Cohort / File(s)	Summary
Password validation & endpoint logic care/users/api/viewsets/change_password.py	Added validate_new_password() to ChangePasswordSerializer to run Django validate_password and convert DjangoValidationError into DRF ValidationError. Switched to serializer.is_valid(raise_exception=True), use serializer.validated_data, check old_password with object.check_password, then set_password and save. Minor docstring tweaks.
Tests for change-password care/users/tests/test_change_password.py	Added tests: test_weak_password_is_rejected, test_wrong_old_password_fails, test_password_change_success. Tests authenticate a user, call the change-password endpoint, assert status codes and error keys, and verify persisted password change.

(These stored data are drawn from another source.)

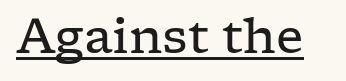
I'd call this a serif setting — the letters wear small feet. Is there an underline? Yes — a line sits under the letters. The face used here is proportionally spaced, like ordinary book or web type. Words appear dense and cohesive because spacing is normal. These glyphs show unthickened strokes, regular width or finer. The axis of the letterforms is exactly vertical.
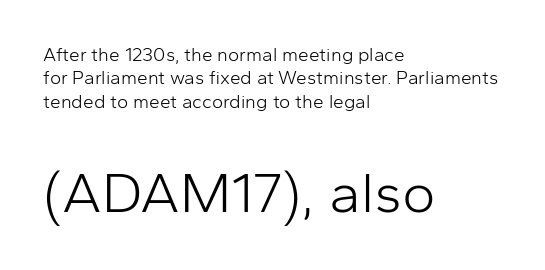
Reading top to bottom, the characters get bigger at the block break. Any mark beneath the type? The region is blank. Examine the stroke ends and you'll find no serifs. This is roman type, the default non-slanted kind. Observe the ordinary spacing: letters are neighbours, not strangers.
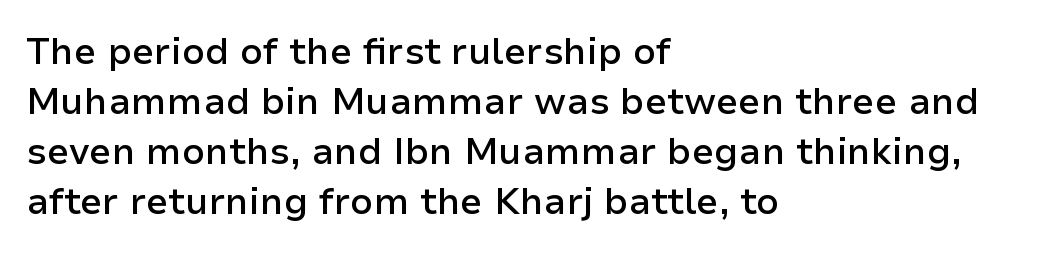
Q: Is the text bold? A: Semi-bold.
Q: Is the text italic (slanted)? A: No, it is upright.
Q: Is the typeface a serif or a sans-serif typeface? A: Sans-serif.
Q: Is the text underlined? A: No.
Q: How is the paragraph aligned? A: Left-aligned.
Q: Is the spacing between letters normal or unusually wide? A: Normal.
Q: Is the spacing between lines tight, normal or loose? A: Normal.
Q: Width (condensed, normal, or wide)? A: Normal.
Q: Stroke contrast? A: Low.
Q: x-height? A: Medium.
Q: Monospaced? A: No.
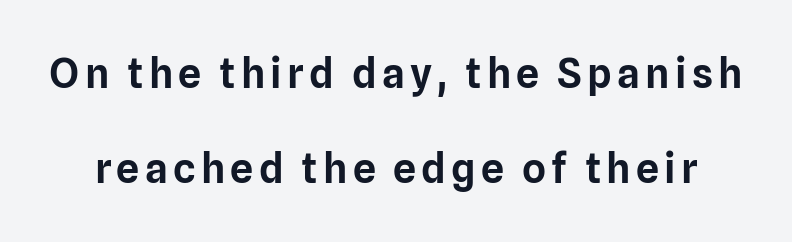
Italic: no, the glyphs are upright roman. This is sans-serif lettering, the kind often seen on screens and signage. The zone under the glyphs is completely vacant. Loosely led — the rows are spread out. Character widths vary here, with narrow letters taking less room than wide ones.
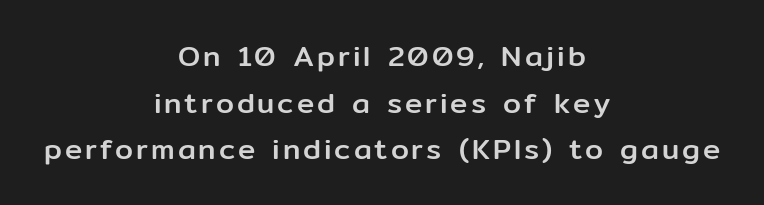
The image shows 29 px sans-serif type, upright; set centered, normal line spacing (1.61x), not underlined; low stroke contrast and a medium x-height.
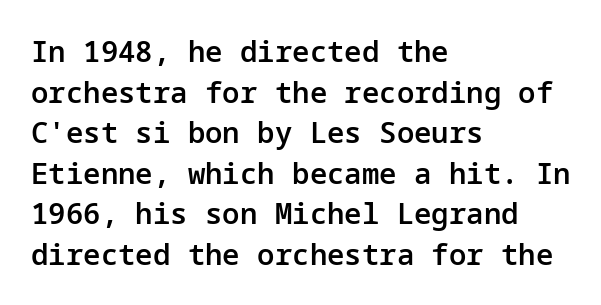
Q: Is the text bold? A: Semi-bold.
Q: Is the text italic (slanted)? A: No, it is upright.
Q: Is the typeface a serif or a sans-serif typeface? A: Sans-serif.
Q: Is the text underlined? A: No.
Q: How is the paragraph aligned? A: Left-aligned.
Q: Is the spacing between letters normal or unusually wide? A: Normal.
Q: Is the spacing between lines tight, normal or loose? A: Normal.
Q: Width (condensed, normal, or wide)? A: Normal.
Q: Stroke contrast? A: Low.
Q: x-height? A: Medium.
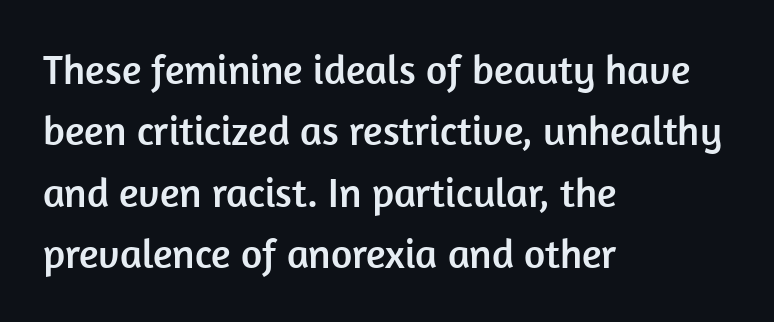
Q: Is the text italic (slanted)? A: No, it is upright.
Q: Is the typeface a serif or a sans-serif typeface? A: Sans-serif.
Q: Is the text underlined? A: No.
Q: How is the paragraph aligned? A: Left-aligned.
Q: Is the spacing between letters normal or unusually wide? A: Normal.
Q: Is the spacing between lines tight, normal or loose? A: Normal.
Q: Width (condensed, normal, or wide)? A: Normal.
Q: Stroke contrast? A: Low.
Q: x-height? A: Medium.
Q: Monospaced? A: No.
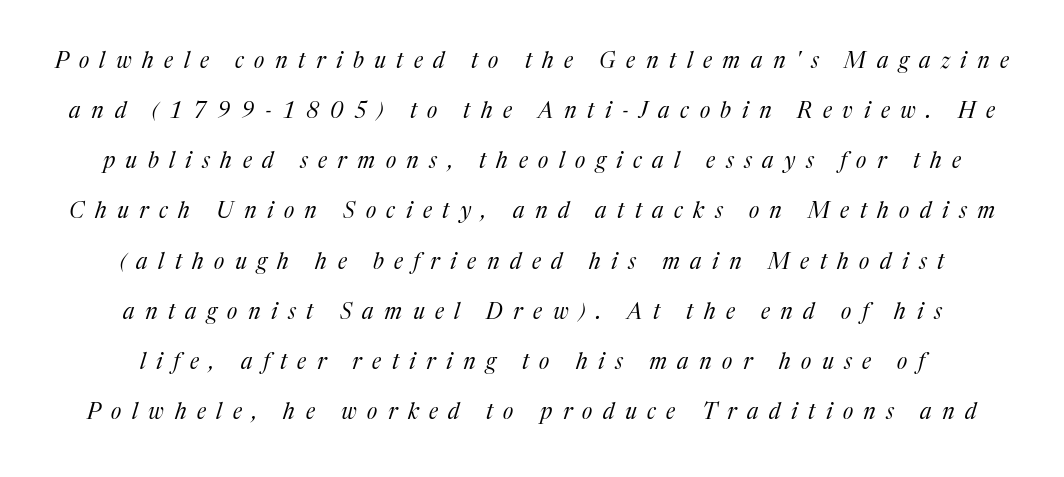
{"italic": "yes", "lean": "right", "slant_degrees": 17, "bold": "no", "underline": "no", "line_spacing": "loose", "line_spacing_ratio": 2.28, "letter_spacing": "wide", "letter_spacing_em": 0.48, "glyph_px": 22}
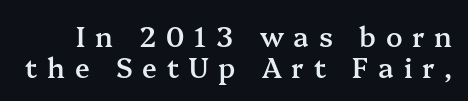
Rows of type sit shoulder to shoulder in the vertical direction. Rendered with straight, roman letterforms. How heavy is the stroke? Medium-heavy — a semibold, shy of bold. Substantial extra tracking has been applied to these lines.
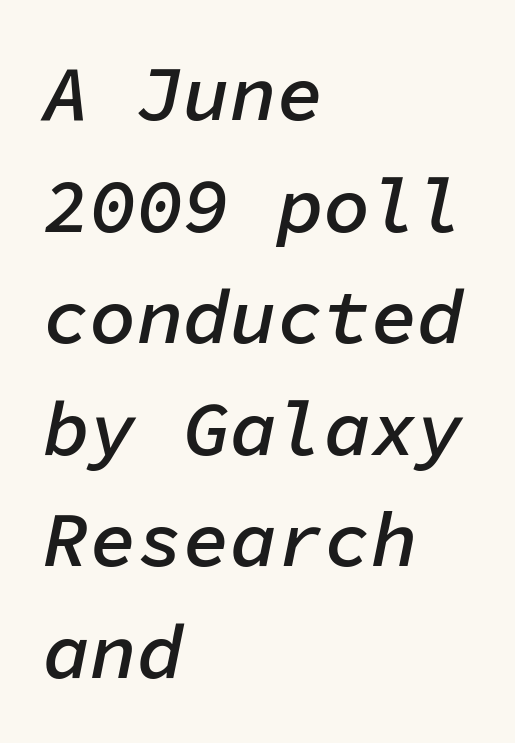
Q: Is the text bold? A: Semi-bold.
Q: Is the text italic (slanted)? A: Yes, it leans right by about 11 degrees.
Q: Is the text underlined? A: No.
Q: How is the paragraph aligned? A: Left-aligned.
Q: Is the spacing between letters normal or unusually wide? A: Normal.
Q: Is the spacing between lines tight, normal or loose? A: Normal.
Q: Width (condensed, normal, or wide)? A: Normal.
Q: Stroke contrast? A: Low.
Q: x-height? A: Medium.
Q: Monospaced? A: Yes.
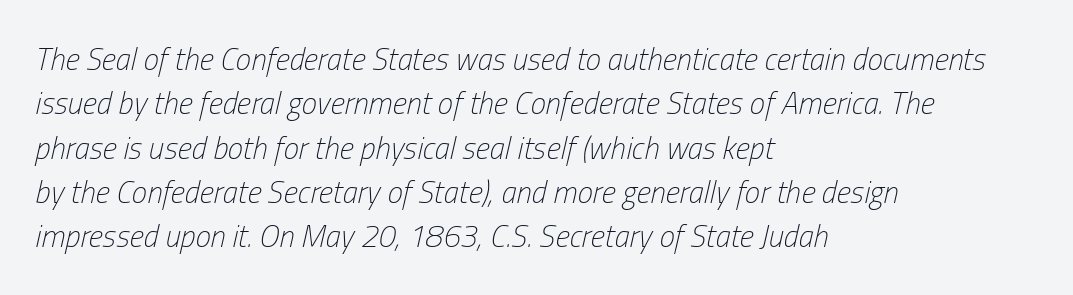
A typesetter would call this proportional, since set widths differ per character. The lines sit at an ordinary, default distance from one another. If you drew a line through each stem, it would be angled. The typesetter chose a ragged-right arrangement here. The passage shown has conventional tracking throughout.
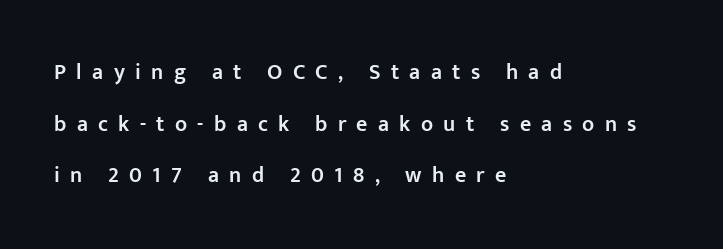
The image shows 22 px text type, upright; set left-aligned, loose line spacing (2.35x), unusually wide letter spacing (+0.47 em), not underlined.
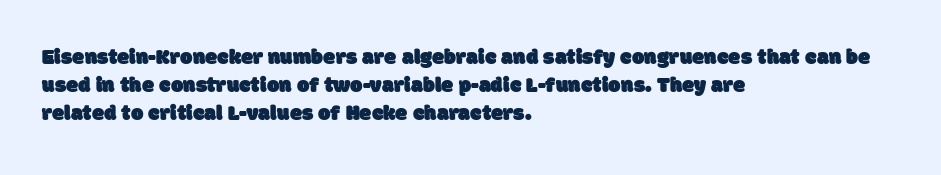
Q: Is the text underlined? A: No.
Q: How is the paragraph aligned? A: Left-aligned.
Q: Is the spacing between letters normal or unusually wide? A: Normal.
Q: Is the spacing between lines tight, normal or loose? A: Normal.
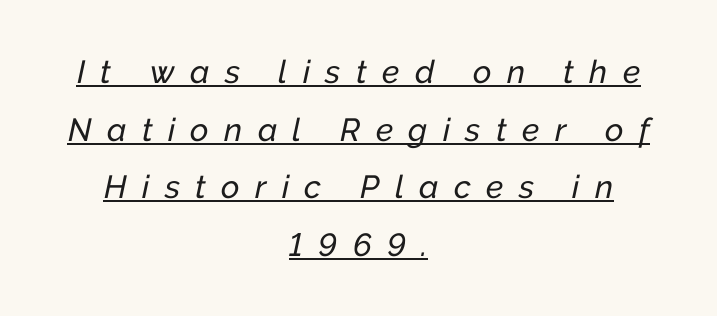
Q: Is the text italic (slanted)? A: Yes, it leans right by about 12 degrees.
Q: Is the text underlined? A: Yes.
Q: How is the paragraph aligned? A: Centered.
Q: Is the spacing between letters normal or unusually wide? A: Unusually wide.
Q: Width (condensed, normal, or wide)? A: Normal.
Q: Stroke contrast? A: Low.
Q: x-height? A: Medium.
Q: Monospaced? A: No.
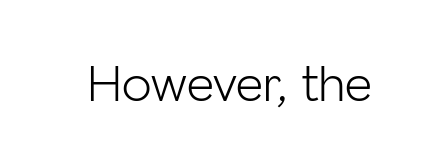
The image shows 53 px light sans-serif type, upright; set normal letter spacing, not underlined; low stroke contrast and a medium x-height.
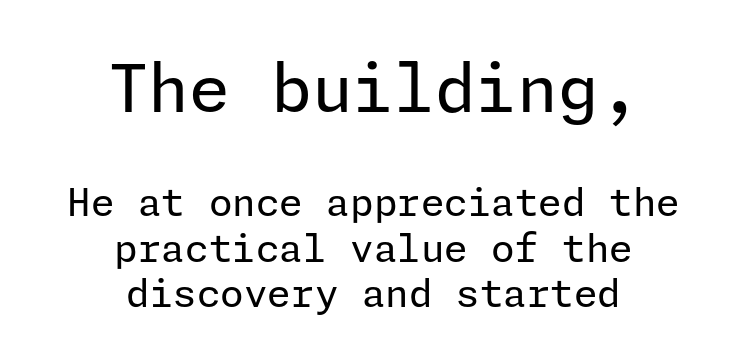
The image shows 66 px regular-weight sans-serif type, upright; set centered, line spacing 1.19x, normal letter spacing, not underlined; the first (top) block is 1.74x larger; low stroke contrast and a medium x-height.
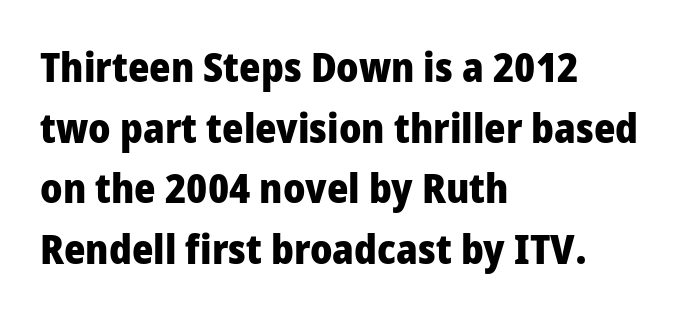
The image shows 41 px heavy, condensed sans-serif type, upright; set left-aligned, normal line spacing (1.48x), normal letter spacing, not underlined; low stroke contrast and a large x-height.

Estimated code review effort

🎯 3 (Moderate) | ⏱️ ~22 minutes

Pre-merge checks and finishing touches

✅ Passed checks (3 passed)

Check name	Status	Explanation
Title check	✅ Passed	The title accurately summarizes the main changes: enforcing password validation and adding comprehensive regression tests.
Description check	✅ Passed	The description covers proposed changes and includes a merge checklist, though it deviates from the template structure by omitting the optional 'Architecture changes' section and documentation updates.
Docstring Coverage	✅ Passed	Docstring coverage is 83.33% which is sufficient. The required threshold is 80.00%.

✨ Finishing touches

• 📝 Generate docstrings

🧪 Generate unit tests (beta)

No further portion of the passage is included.